A Sea Change (3): Building a Credible Network

Wednesday, March 22, 2017

Creating a “CRL consensus” on goals and standards is at the heart of CRL’s shared print agenda. Essential to establishing that consensus is CRL’s Collections and Services Policy Committee (CSPC). The committee was instrumental in the past in shaping the terms of CRL partnerships with the Linda Hall Library and the Law Library Microfilm Consortium, and they will similarly be involved in shaping terms with future partners.

Martha Hruska, chair, and other members of the committee have identified a number of areas in which our planning is still evolving. In the context of discussing the “sea change” the CSPC posed three questions, which I want to address in this blog post:
 

1. As CRL evolves from a single repository to a network of trusted partner repositories, who might be engaged in that network, and what trusted partner repositories are under consideration?
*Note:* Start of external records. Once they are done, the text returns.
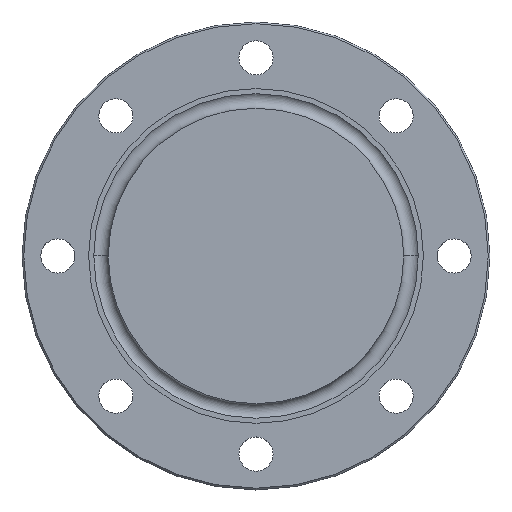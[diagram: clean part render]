
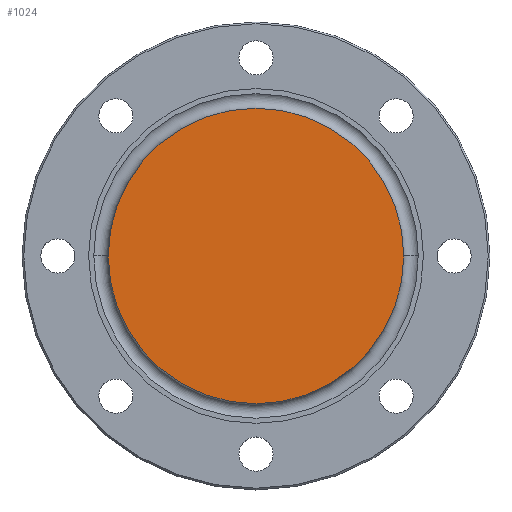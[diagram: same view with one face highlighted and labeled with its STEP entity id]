
A CAD part, top view. The second image highlights one B-rep face of the part: STEP entity #1024.
In plain terms, the highlighted planar face has unit normal (0, 0, 1).
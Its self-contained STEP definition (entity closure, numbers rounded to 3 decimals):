
#153 = DIRECTION ( 'NONE',  ( 1., 0., 0. ) ) ;
#199 = AXIS2_PLACEMENT_3D ( 'NONE', #868, #776, #153 ) ;
#274 = EDGE_CURVE ( 'NONE', #287, #325, #402, .T. ) ;
#287 = VERTEX_POINT ( 'NONE', #364 ) ;
#293 = CARTESIAN_POINT ( 'NONE',  ( 0., 0., 11.5 ) ) ;
#325 = VERTEX_POINT ( 'NONE', #1013 ) ;
#330 = EDGE_CURVE ( 'NONE', #325, #287, #389, .T. ) ;
#364 = CARTESIAN_POINT ( 'NONE',  ( -43.259, 0., 11.5 ) ) ;
#389 = CIRCLE ( 'NONE', #977, 43.259 ) ;
#402 = CIRCLE ( 'NONE', #199, 43.259 ) ;
#465 = DIRECTION ( 'NONE',  ( 0., 0., 1. ) ) ;
#469 = ORIENTED_EDGE ( 'NONE', *, *, #330, .T. ) ;
#479 = DIRECTION ( 'NONE',  ( -1., 0., 0. ) ) ;
#556 = CARTESIAN_POINT ( 'NONE',  ( 0., 43.259, 11.5 ) ) ;
#630 = AXIS2_PLACEMENT_3D ( 'NONE', #556, #886, #479 ) ;
#641 = FACE_OUTER_BOUND ( 'NONE', #862, .T. ) ;
#776 = DIRECTION ( 'NONE',  ( 0., 0., 1. ) ) ;
#853 = ORIENTED_EDGE ( 'NONE', *, *, #274, .T. ) ;
#862 = EDGE_LOOP ( 'NONE', ( #469, #853 ) ) ;
#868 = CARTESIAN_POINT ( 'NONE',  ( 0., 0., 11.5 ) ) ;
#886 = DIRECTION ( 'NONE',  ( 0., 0., -1. ) ) ;
#940 = DIRECTION ( 'NONE',  ( 1., 0., 0. ) ) ;
#962 = PLANE ( 'NONE',  #630 ) ;
#977 = AXIS2_PLACEMENT_3D ( 'NONE', #293, #465, #940 ) ;
#1013 = CARTESIAN_POINT ( 'NONE',  ( 43.259, 0., 11.5 ) ) ;
#1024 = ADVANCED_FACE ( 'NONE', ( #641 ), #962, .F. ) ;

With the Linda Hall arrangement in place for STE serials, CRL is now focusing on the humanities and social sciences. It would be premature to name potential partners at this stage, but the profile of candidate organizations is certain.  Major U.S. and Canadian research libraries and “libraries of record”, with deep and extensive HSS holdings, and that have longstanding commitments to comprehensive collecting, would be natural candidates to form the core of such a network.  Cooperative shared print programs that can provide the requisite commitments to both archiving and providing electronic access to holdings would also be appropriate partners.
 

2. Would an academic/university library partnership have different characteristics than the Linda Hall arrangement, and if so, what long-term assurances should CRL put in place as the network expands?
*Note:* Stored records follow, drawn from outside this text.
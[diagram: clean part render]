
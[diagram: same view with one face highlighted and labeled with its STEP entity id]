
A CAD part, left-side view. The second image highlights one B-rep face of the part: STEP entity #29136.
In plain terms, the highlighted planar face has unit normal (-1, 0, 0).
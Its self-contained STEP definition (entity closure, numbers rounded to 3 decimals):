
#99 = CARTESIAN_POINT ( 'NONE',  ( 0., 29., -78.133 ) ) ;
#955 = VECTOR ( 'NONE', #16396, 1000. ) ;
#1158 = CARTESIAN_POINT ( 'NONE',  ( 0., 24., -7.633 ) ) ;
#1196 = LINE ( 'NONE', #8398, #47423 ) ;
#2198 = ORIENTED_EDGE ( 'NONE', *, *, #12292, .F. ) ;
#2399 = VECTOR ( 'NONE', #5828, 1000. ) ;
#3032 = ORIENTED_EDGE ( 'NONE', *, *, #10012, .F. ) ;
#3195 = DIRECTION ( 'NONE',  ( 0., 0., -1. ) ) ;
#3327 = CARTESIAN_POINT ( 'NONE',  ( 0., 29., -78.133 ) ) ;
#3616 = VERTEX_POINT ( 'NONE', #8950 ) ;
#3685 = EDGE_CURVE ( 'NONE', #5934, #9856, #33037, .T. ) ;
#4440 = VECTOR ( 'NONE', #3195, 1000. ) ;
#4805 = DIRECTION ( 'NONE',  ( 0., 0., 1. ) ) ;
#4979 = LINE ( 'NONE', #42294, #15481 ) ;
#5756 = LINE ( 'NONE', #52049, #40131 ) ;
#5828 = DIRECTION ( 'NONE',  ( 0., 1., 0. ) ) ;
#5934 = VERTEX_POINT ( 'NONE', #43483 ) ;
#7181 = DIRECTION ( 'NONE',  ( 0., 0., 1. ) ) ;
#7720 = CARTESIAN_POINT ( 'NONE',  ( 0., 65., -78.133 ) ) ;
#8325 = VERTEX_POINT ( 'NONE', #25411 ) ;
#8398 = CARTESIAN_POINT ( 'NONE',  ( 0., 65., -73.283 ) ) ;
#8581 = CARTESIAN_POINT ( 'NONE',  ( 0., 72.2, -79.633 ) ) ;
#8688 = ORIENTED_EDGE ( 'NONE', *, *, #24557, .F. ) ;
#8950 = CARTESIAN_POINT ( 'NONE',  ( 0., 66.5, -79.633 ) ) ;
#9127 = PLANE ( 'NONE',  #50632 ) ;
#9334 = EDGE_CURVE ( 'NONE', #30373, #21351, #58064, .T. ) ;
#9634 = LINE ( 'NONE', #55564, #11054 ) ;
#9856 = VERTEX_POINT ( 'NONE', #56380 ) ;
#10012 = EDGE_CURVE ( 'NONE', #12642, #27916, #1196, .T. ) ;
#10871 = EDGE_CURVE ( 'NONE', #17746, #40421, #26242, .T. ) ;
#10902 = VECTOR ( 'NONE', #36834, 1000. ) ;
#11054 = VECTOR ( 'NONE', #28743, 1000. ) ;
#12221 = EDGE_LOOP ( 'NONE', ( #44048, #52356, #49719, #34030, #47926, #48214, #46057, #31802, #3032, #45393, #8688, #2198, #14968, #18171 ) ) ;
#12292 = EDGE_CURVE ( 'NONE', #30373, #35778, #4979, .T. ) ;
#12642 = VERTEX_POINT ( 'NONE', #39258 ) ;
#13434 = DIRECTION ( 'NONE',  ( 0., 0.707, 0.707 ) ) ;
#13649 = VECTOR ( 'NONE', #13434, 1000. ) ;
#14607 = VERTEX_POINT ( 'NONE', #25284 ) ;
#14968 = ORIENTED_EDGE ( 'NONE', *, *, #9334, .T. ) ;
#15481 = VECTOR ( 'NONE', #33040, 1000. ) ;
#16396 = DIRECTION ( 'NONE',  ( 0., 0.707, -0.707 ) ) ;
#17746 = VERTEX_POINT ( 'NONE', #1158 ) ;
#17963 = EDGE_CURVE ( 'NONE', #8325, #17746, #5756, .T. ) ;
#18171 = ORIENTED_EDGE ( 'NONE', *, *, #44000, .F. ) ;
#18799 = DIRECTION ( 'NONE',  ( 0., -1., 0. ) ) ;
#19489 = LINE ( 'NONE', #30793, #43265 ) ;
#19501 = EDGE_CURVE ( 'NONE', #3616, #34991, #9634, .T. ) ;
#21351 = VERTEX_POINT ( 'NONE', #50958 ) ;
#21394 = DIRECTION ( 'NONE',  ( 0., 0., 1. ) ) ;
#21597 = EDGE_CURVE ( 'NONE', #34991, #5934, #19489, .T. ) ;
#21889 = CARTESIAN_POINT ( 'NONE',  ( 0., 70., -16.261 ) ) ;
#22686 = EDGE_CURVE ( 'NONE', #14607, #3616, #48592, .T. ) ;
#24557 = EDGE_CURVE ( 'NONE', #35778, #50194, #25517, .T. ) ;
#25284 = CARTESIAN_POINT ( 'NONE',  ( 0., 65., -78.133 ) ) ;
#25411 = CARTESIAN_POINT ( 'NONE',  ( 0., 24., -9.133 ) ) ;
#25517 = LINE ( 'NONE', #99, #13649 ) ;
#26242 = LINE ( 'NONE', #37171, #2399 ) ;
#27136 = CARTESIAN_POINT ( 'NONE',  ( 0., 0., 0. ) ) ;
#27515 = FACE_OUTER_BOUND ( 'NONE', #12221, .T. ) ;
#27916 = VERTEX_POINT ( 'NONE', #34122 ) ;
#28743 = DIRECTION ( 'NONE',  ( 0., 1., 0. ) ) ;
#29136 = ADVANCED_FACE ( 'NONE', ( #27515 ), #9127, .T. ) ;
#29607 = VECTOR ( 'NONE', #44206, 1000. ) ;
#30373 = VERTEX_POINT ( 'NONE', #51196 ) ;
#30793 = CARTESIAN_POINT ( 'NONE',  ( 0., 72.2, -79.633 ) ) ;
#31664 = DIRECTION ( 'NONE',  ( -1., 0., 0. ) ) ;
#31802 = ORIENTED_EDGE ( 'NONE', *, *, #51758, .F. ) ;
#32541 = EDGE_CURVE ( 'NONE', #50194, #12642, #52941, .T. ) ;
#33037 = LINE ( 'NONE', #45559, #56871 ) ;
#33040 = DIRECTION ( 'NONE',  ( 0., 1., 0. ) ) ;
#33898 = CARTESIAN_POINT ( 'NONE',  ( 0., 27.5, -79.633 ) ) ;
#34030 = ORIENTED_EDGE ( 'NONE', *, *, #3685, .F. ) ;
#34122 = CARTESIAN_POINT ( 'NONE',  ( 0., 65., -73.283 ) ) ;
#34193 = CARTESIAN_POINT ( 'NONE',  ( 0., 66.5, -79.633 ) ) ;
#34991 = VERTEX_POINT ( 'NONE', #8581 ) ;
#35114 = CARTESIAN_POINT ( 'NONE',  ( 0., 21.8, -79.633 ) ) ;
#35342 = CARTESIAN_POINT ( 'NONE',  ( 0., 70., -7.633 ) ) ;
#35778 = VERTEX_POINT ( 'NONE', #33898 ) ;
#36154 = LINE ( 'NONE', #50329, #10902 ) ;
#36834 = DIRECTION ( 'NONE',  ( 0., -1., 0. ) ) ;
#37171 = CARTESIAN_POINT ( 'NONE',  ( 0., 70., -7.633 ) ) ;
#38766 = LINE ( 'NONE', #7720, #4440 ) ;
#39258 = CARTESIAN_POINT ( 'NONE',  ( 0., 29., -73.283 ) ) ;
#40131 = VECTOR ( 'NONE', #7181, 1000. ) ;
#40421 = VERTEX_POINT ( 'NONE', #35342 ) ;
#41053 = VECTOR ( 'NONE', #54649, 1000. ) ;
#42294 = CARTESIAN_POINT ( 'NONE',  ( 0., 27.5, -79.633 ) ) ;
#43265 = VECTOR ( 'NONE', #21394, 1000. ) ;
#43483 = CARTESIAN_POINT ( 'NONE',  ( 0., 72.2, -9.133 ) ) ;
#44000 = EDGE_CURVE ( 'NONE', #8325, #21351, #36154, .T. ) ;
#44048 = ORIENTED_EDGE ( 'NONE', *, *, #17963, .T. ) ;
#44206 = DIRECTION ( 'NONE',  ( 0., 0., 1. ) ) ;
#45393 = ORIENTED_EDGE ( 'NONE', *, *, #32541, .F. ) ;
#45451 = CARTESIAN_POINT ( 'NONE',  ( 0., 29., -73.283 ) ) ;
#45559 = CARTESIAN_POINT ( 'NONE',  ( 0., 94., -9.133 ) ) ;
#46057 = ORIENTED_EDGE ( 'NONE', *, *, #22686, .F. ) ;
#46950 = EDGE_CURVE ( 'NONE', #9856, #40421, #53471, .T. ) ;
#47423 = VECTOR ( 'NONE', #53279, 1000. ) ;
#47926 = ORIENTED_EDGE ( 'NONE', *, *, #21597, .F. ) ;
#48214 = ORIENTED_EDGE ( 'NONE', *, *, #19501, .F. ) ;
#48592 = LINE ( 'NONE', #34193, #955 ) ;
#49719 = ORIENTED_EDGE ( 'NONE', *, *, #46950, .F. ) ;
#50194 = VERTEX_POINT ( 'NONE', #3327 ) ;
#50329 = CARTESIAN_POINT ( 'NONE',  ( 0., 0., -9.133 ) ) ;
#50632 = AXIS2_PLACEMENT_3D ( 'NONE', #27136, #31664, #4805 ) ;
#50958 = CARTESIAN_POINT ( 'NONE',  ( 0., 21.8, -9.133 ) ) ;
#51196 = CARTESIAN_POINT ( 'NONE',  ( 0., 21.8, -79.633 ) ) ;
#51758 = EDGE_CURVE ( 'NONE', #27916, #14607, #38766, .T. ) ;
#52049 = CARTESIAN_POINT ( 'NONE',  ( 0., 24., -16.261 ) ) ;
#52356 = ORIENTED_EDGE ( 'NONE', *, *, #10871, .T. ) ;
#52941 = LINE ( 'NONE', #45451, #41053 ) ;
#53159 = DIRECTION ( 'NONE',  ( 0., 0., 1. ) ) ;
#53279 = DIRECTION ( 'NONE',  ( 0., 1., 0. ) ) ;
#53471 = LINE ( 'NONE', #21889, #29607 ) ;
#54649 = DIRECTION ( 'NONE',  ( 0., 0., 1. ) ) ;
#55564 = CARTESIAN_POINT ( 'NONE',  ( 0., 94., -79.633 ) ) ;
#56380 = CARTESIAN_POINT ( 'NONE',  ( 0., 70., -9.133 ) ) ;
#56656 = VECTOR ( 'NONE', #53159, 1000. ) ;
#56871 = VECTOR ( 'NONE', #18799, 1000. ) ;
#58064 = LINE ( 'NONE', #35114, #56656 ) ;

CRL has maintained a high bar for collection stewardship. The long-term assurances we put in place with the Linda Hall Library arrangement are the subject of my post of March 10. Linda Hall is a unique institution, and brought special strengths to the partnership. Future arrangements will therefore likely differ from the Linda Hall arrangement, but the terms of stewardship will be no less stringent. As the network expands, CSPC must help determine how many distributed copies of a given serial are enough, how strong the commitments on archiving should be, to what extent archiving commitments should be audited, and what services archiving partners must provide. All of these terms will be structured to ensure a return to member libraries that is adequate to justify CRL’s investment.
 

3. How will CRL align its vision with its means, and what kind of business model will enable funding the costs of digitization and working with new partners?  How does this affect CRL’s budget going forward?

There will be costs involved in further developing the shared collections, filling gaps in holdings, and digitization and hosting of shared materials. Therefore aligning vision with means will be critical to success. Throughout CRL’s history the organization has been, among other things, a mechanism for aligning action with resources. In keeping with that history a “CRL consensus” on standards and service will be a matter of CRL libraries deciding what they can and will support. CSPC will help us achieve that consensus.
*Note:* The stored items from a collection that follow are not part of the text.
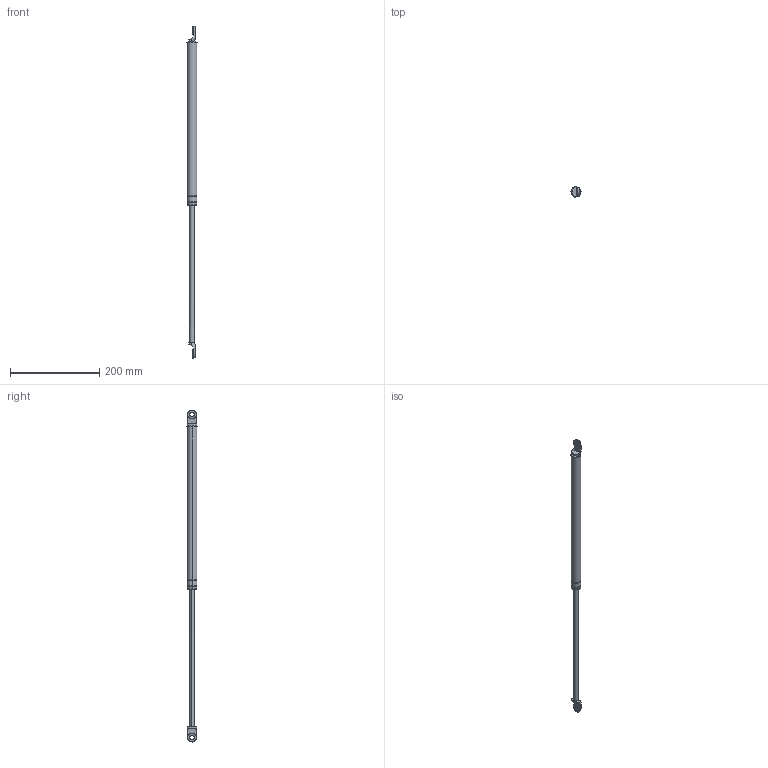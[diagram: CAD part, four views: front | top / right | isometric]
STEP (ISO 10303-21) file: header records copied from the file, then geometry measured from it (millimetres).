
FILE_DESCRIPTION( (''), '2;1');
FILE_NAME ('PC50.23628.TM_369_300_50_11329.stp','2020-10-26T13:02:42',(''),(''),'spGate 16.7.1','','');
FILE_SCHEMA (('AUTOMOTIVE_DESIGN'));
Length unit declared in the file: millimetre
Products named in the file (5): Assembly; ウェーブワッシャー; ワッシャー; 本体; 本体_div
Assembly tree (6 placements, depth 2):
  Assembly
    ウェーブワッシャー  x2
    ワッシャー  x2
    本体
    本体_div
Bounding box: 22.5 x 22.5 x 745 mm (x, y, z)
Volume: 168911.8 mm3; surface area: 41425 mm2
Topology: 6 solids, 6 shells, 95 faces, 224 edges, 144 vertices
Faces by surface type: cylinder 44, plane 43, bspline 8
Entity records: 4432 total; most frequent: CARTESIAN_POINT 761, DIRECTION 408, ORIENTED_EDGE 400, COLOUR_RGB 287, PRESENTATION_STYLE_ASSIGNMENT 287, STYLED_ITEM 287, EDGE_CURVE 200, DRAUGHTING_PRE_DEFINED_CURVE_FONT 200

There is a significant pool of resources (about $7 million/year) that CRL members now put toward the shared collections. To date we’ve done a great deal with that funding: we built, maintained and continued to provide access to a corpus of five million items, including about 50,000 serial titles. Through investment in the Linda Hall partnership we’ve been able to make another 40,000+ titles available. And we are digitizing about four million pages a year to provide electronic access to the shared collections.Given the state of public finances at both federal and state level, we don’t envision much additional funding becoming available for shared print. We therefore have to scale our aspirations to the level of resources the membership provides, grow that membership to support new capabilities, and form new partnerships that generate tangible new benefits for CRL libraries.

 

CRL has added new benefits and services for members in the past few years by drawing upon its reserve funds. We cannot do that indefinitely. Therefore we now propose to begin reallocating resources to new services from print and microform collections that are either not essential to CRL’s mission and those of diminishing value to members.  This will enable us to shift the balance between CRL fixed assets (bricks and mortar, centralized collections) and liquid assets that are more conducive to expanding the shared collections and the services built around those collections.

Libraries face hard decisions. Guided by our Board of Directors, the Collections and Services Policy Committee, and CRL’s 209 voting member libraries we are forging community consensus on what is both desirable and affordable. That will be the topic of my report at the Council of Voting Members meeting on April 21. I encourage the representatives of all CRL voting member institutions to participate in the meeting.